The 1927 Arrêté was again imprecise on how these points were to be connected. Burkina Faso took the same reasoning as for the first section, that the implication should be a straight line. Niger argued that as the 1927 Arrêté was imprecise, reference should be to the 1960 map as the Parties had agreed to in article 2 of the special agreement. The border on the map was sinuous, however Niger further departed from it in their drawing to the effect that the border would run to a point north-west of Bossé-bangou. They relied on the descriptions of the area from other documents that suggested the 1927 Arrêté was incorrectly drawn on this point. The 1927 Arrêté's raison d’être was to delineate new borders after the transfer of certain districts from the Colony of Upper Volta to the Colony of Niger, and the border it delineated did not properly account for those districts. Niger argued that according to the principle of uti possidetis juris, in the absence of legal title the border should be drawn according to the effectivités.

The court held that its mandate was to interpret and apply the 1927 Arrêté and, if it were inadequate, to use the 1960 map and not other principles of law.
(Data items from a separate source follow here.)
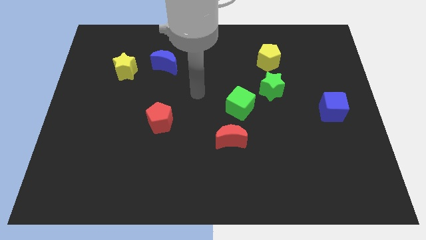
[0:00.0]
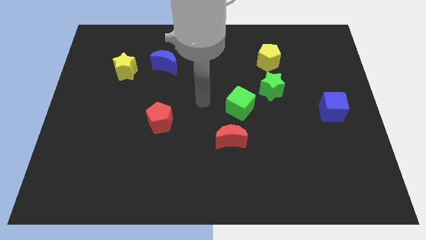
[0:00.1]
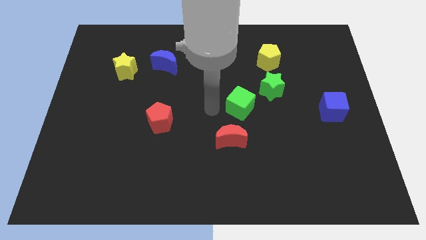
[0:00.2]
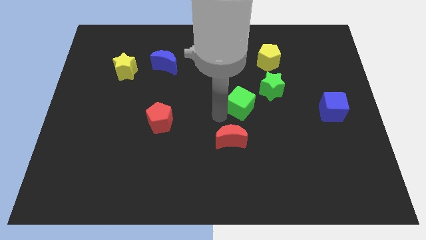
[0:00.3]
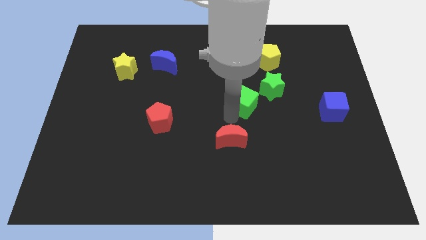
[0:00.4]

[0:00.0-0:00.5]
separate the red moon from the green cube

The court decided to follow the line drawn on the 1960 map; not in reasoning, but in effect a middle-ground between the Parties.

==== (3) Bossé-bangou to the intersection of the Sirba with the Say parallel ====
The court considered that as villages on either side of the border required access to water, the 1927 Arrêté would have intended the border to on the median line of the River Sirba and not on either bank. It found the wording was then clear on the border following the Sirba upstream and departing and turning at intersections of the river with lines of longitude and latitude, the final turn at the longitude where the Say parallel intersects with the River Sirba (at 13º 06’ 12.08”N, 00° 59´ 30.9˝E).

==== (4) The intersection to Botou bend ====
Both parties agreed on the point referred to as the Botou bend. Having located the intersection, the court had only to determine the line between these two points. Burkina Faso argued the 1927 Arrêté specified that this would be a straight line. Niger relied on colonial and postcolonial effectivités to argue that the two nations had come to an implicit agreement regarding a line that closer followed the 1960 map. Burkina Faso disputed this and the court found it had no evidence of such an agreement, concluding that the 1927 Arrêté was clear and should be followed.